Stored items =
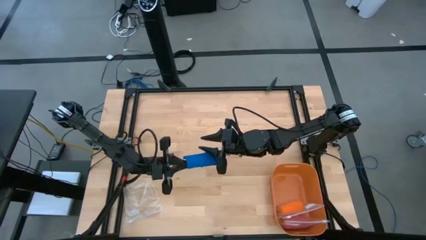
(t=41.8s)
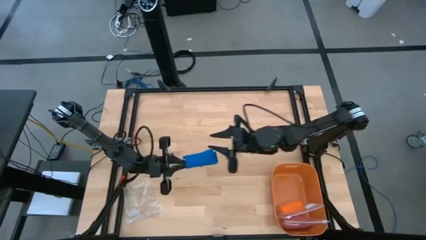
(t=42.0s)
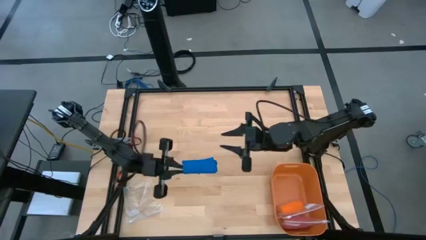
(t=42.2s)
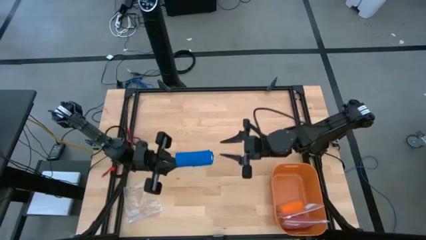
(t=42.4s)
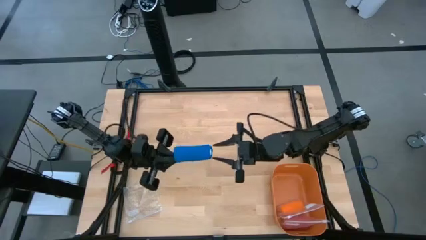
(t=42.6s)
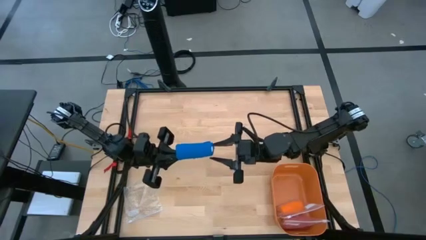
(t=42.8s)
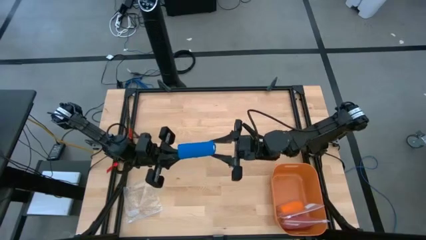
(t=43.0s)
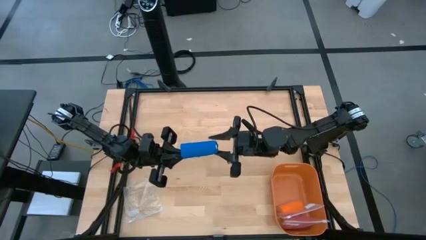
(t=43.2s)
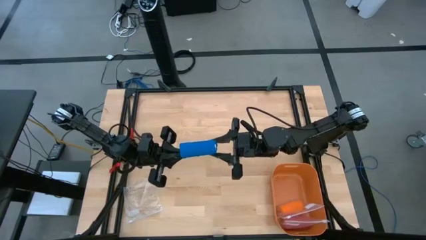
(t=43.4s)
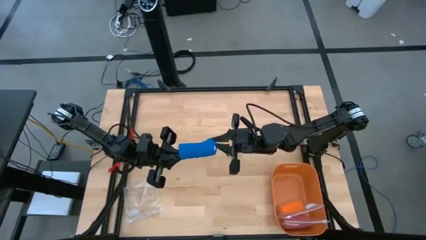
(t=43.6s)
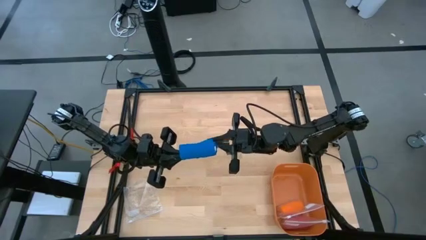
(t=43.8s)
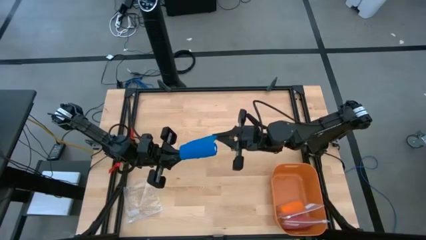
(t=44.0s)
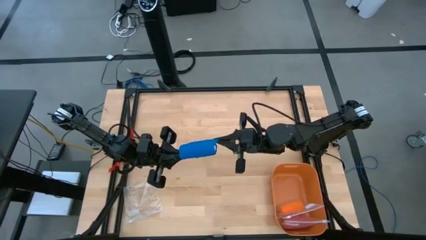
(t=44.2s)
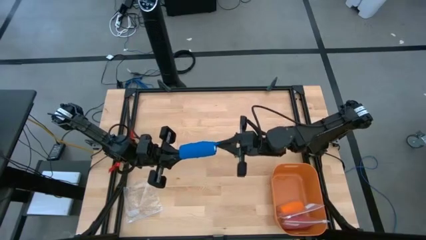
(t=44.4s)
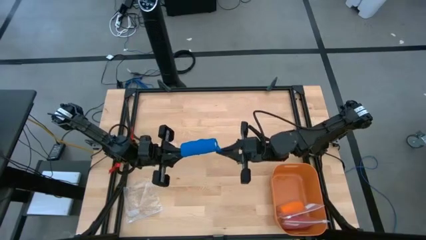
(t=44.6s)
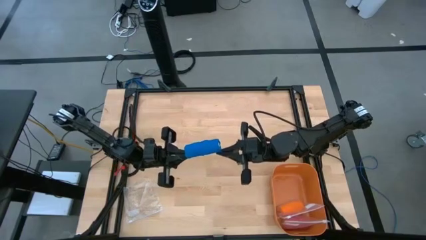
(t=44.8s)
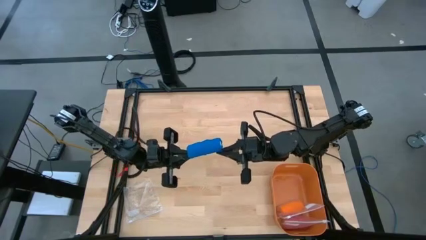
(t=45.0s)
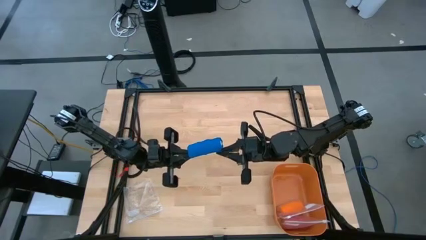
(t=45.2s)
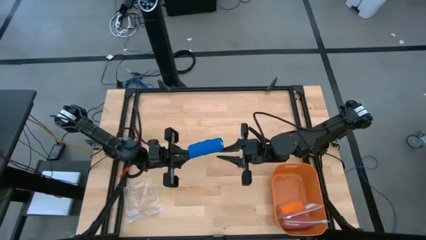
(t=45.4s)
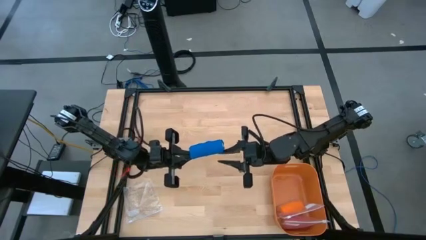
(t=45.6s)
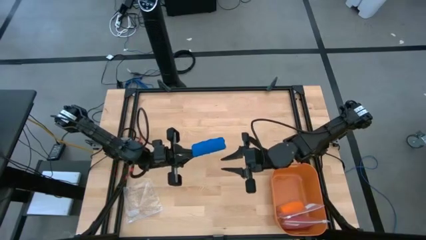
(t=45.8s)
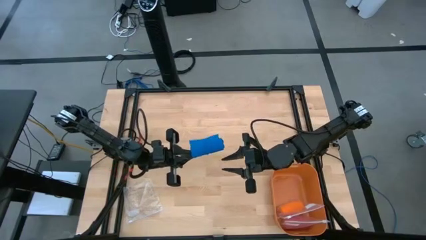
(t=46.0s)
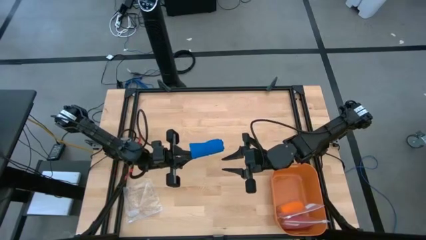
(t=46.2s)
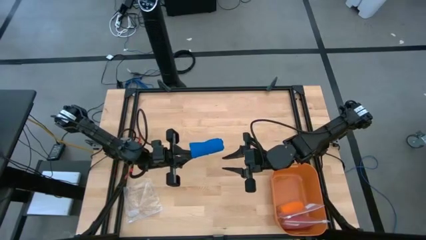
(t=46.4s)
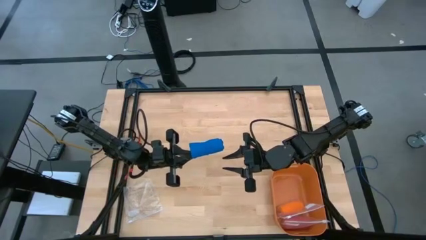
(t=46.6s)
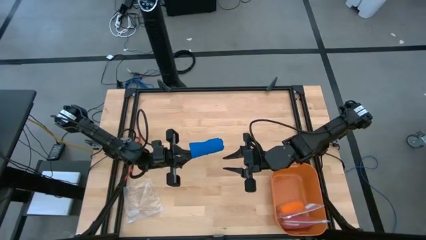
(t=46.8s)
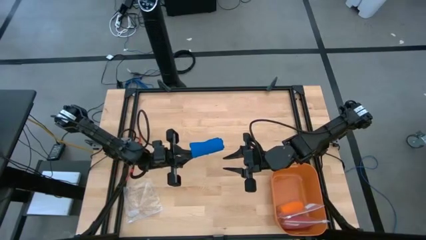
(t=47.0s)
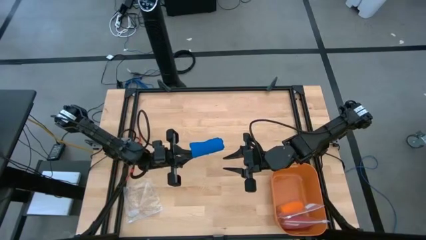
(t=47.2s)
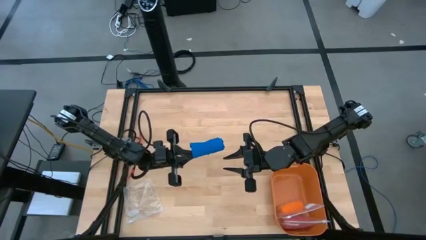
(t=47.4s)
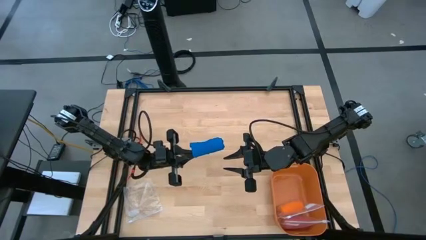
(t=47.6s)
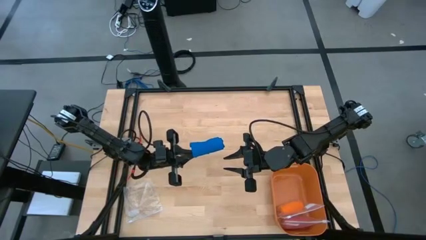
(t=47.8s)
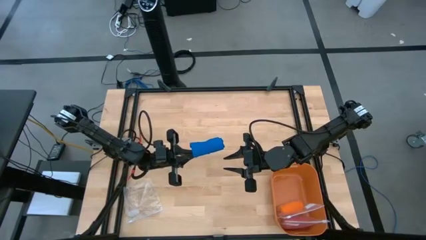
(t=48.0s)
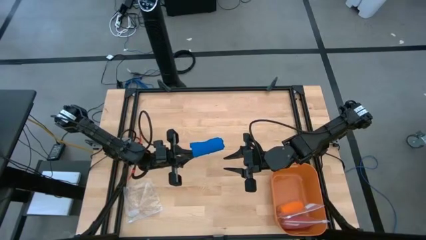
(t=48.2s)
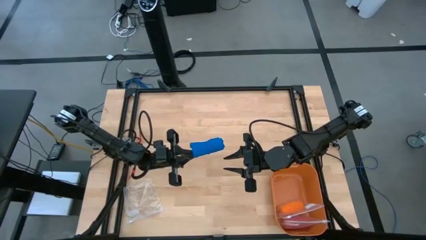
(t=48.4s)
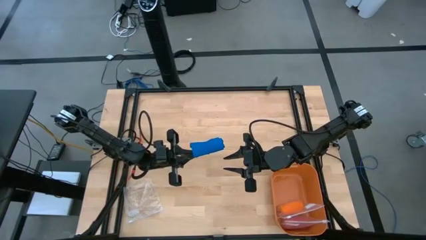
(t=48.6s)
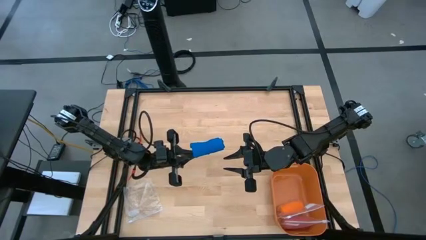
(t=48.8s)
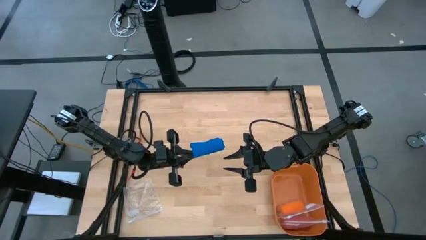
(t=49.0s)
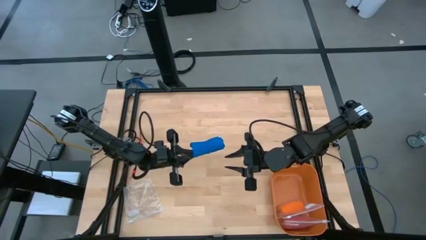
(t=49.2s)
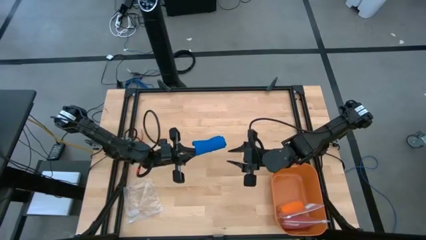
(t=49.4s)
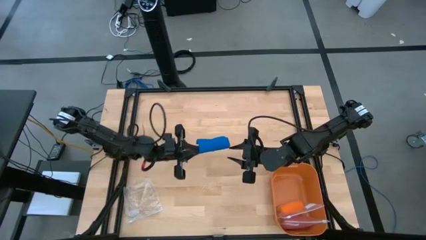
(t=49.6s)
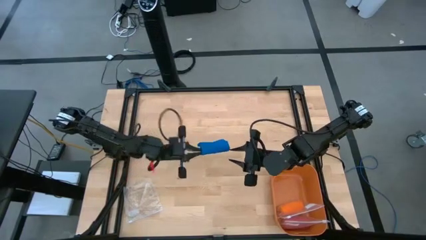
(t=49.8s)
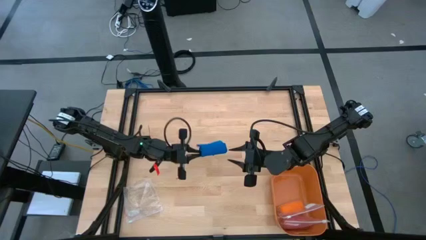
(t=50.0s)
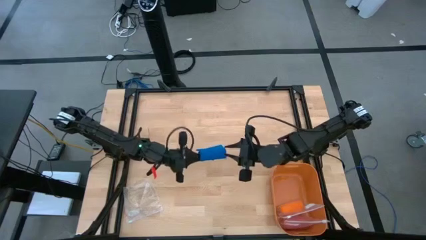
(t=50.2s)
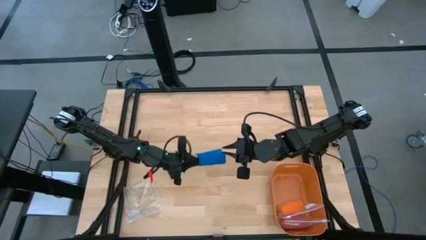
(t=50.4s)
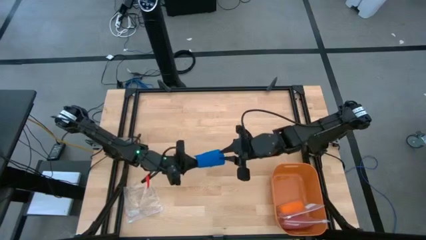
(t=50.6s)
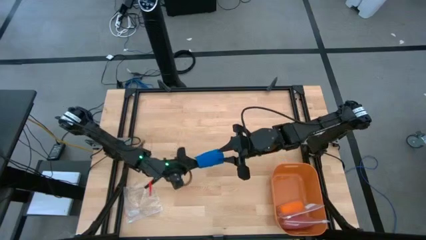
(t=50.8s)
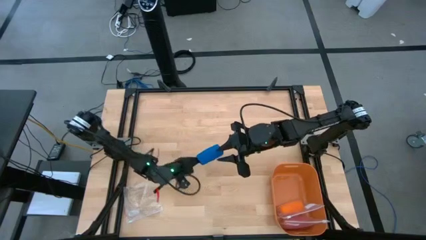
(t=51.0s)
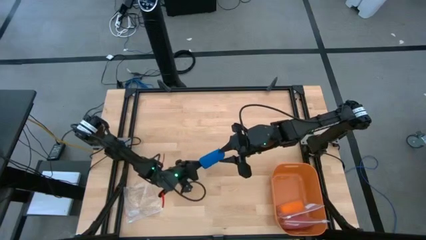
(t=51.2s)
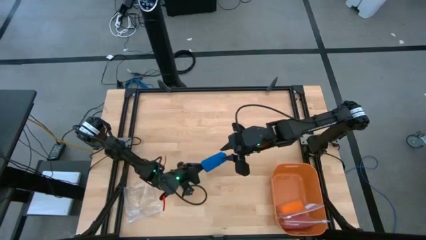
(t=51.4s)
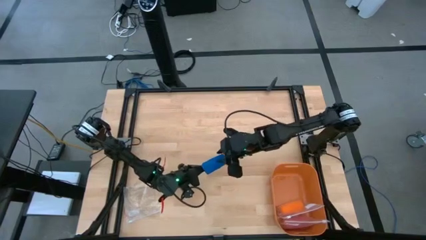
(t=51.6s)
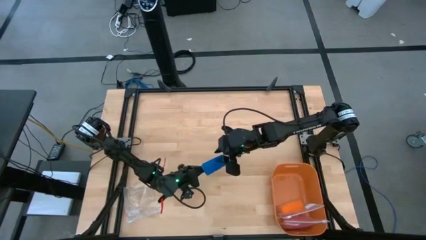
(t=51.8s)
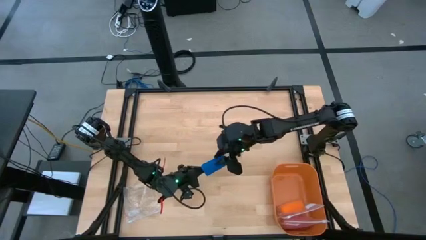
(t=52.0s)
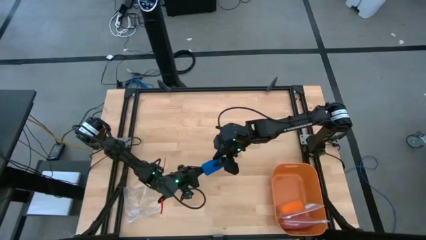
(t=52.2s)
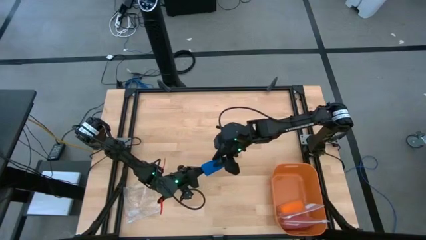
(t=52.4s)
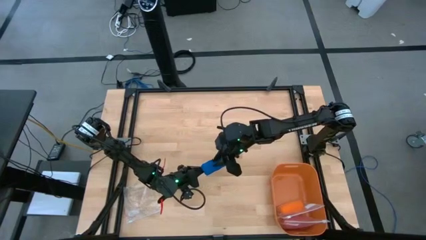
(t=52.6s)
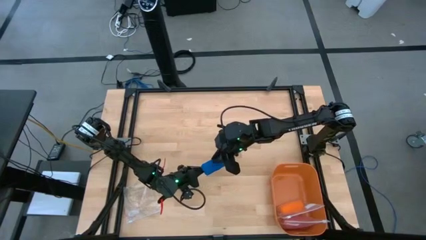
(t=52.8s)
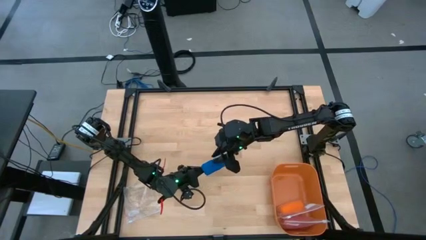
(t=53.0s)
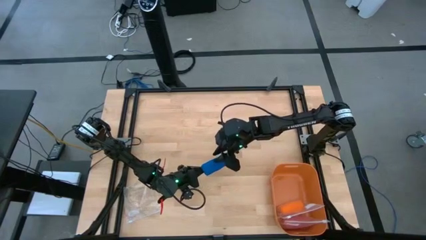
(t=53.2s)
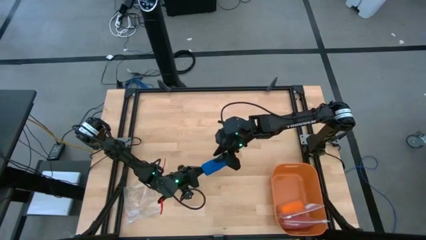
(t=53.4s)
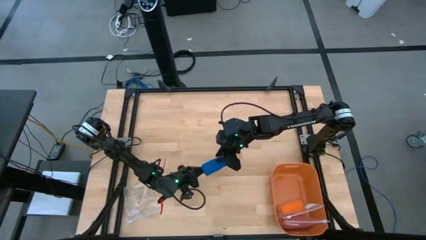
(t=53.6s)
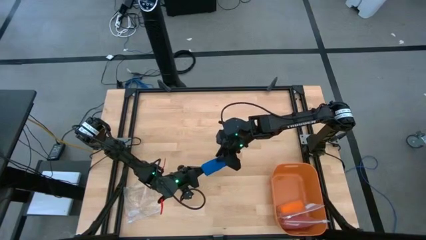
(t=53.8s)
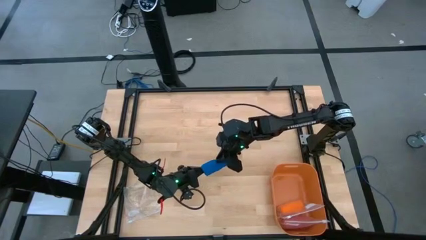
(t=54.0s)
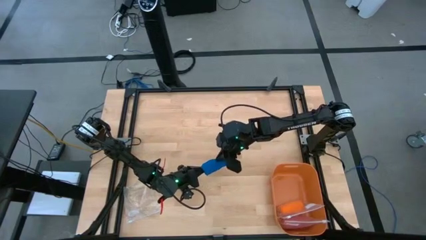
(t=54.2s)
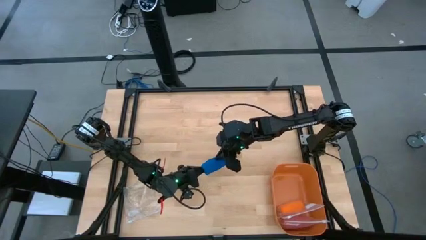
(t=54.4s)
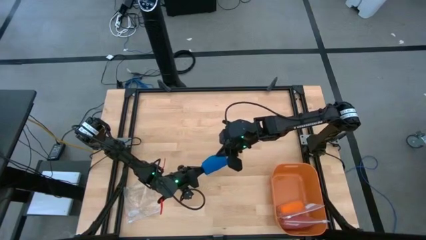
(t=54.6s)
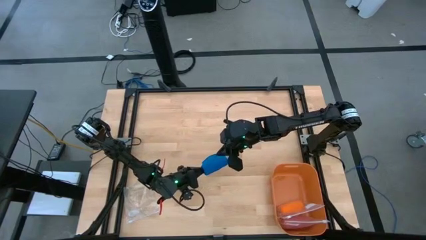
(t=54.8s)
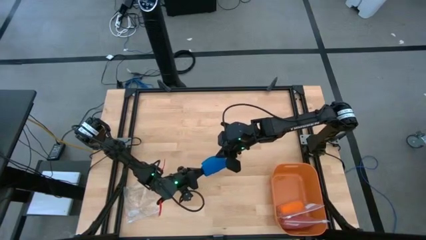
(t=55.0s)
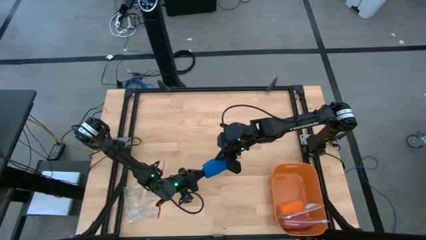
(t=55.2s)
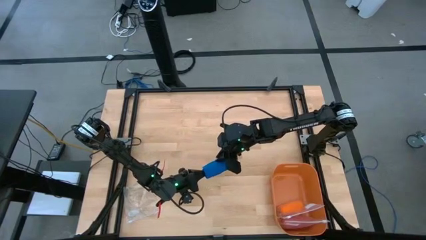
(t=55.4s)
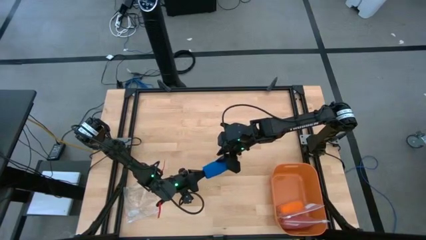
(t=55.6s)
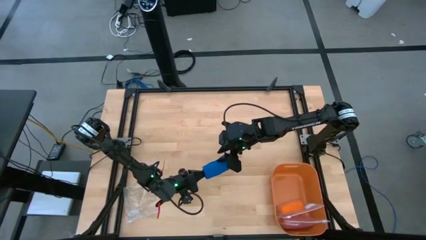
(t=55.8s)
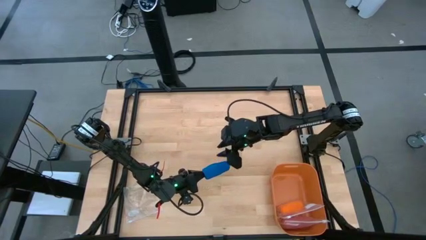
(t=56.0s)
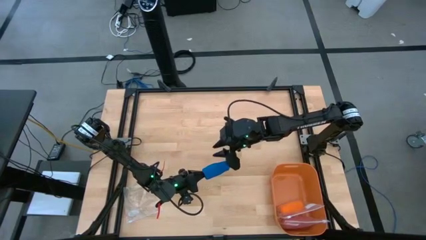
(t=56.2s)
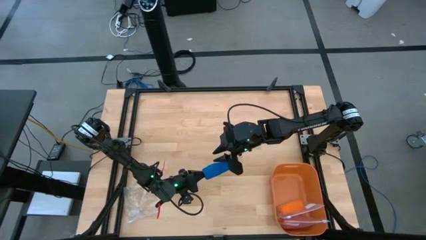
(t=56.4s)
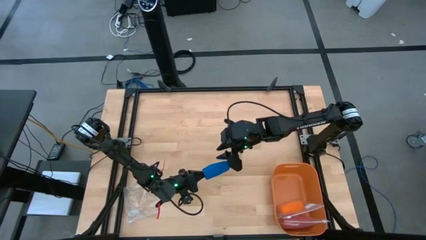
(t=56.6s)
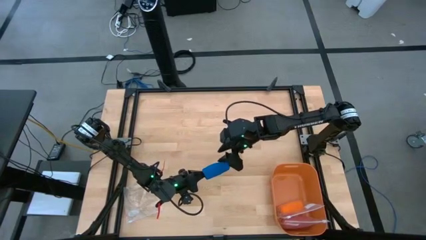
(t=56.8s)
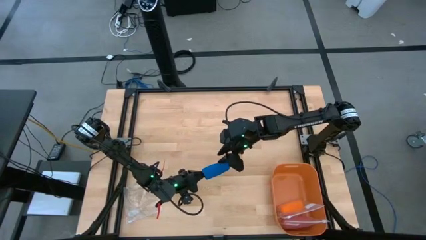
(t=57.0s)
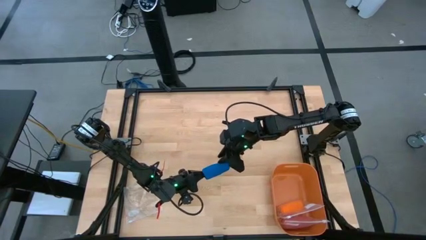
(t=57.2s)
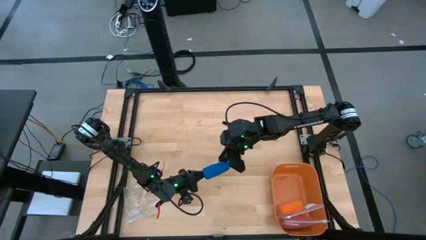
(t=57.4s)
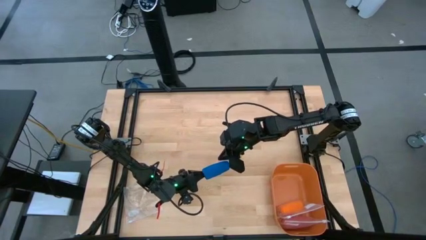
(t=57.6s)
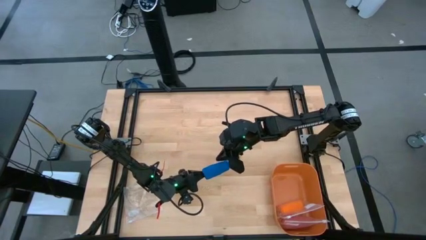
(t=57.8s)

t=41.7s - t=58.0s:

WHAT IS REQUIRED = The data must come back word for word, with every picture removed.

EXERCISE ANSWER =
(t=41.8s)
(t=42.0s)
(t=42.2s)
(t=42.4s)
(t=42.6s)
(t=42.8s)
(t=43.0s)
(t=43.2s)
(t=43.4s)
(t=43.6s)
(t=43.8s)
(t=44.0s)
(t=44.2s)
(t=44.4s)
(t=44.6s)
(t=44.8s)
(t=45.0s)
(t=45.2s)
(t=45.4s)
(t=45.6s)
(t=45.8s)
(t=46.0s)
(t=46.2s)
(t=46.4s)
(t=46.6s)
(t=46.8s)
(t=47.0s)
(t=47.2s)
(t=47.4s)
(t=47.6s)
(t=47.8s)
(t=48.0s)
(t=48.2s)
(t=48.4s)
(t=48.6s)
(t=48.8s)
(t=49.0s)
(t=49.2s)
(t=49.4s)
(t=49.6s)
(t=49.8s)
(t=50.0s)
(t=50.2s)
(t=50.4s)
(t=50.6s)
(t=50.8s)
(t=51.0s)
(t=51.2s)
(t=51.4s)
(t=51.6s)
(t=51.8s)
(t=52.0s)
(t=52.2s)
(t=52.4s)
(t=52.6s)
(t=52.8s)
(t=53.0s)
(t=53.2s)
(t=53.4s)
(t=53.6s)
(t=53.8s)
(t=54.0s)
(t=54.2s)
(t=54.4s)
(t=54.6s)
(t=54.8s)
(t=55.0s)
(t=55.2s)
(t=55.4s)
(t=55.6s)
(t=55.8s)
(t=56.0s)
(t=56.2s)
(t=56.4s)
(t=56.6s)
(t=56.8s)
(t=57.0s)
(t=57.2s)
(t=57.4s)
(t=57.6s)
(t=57.8s)

t=41.7s - t=58.0s:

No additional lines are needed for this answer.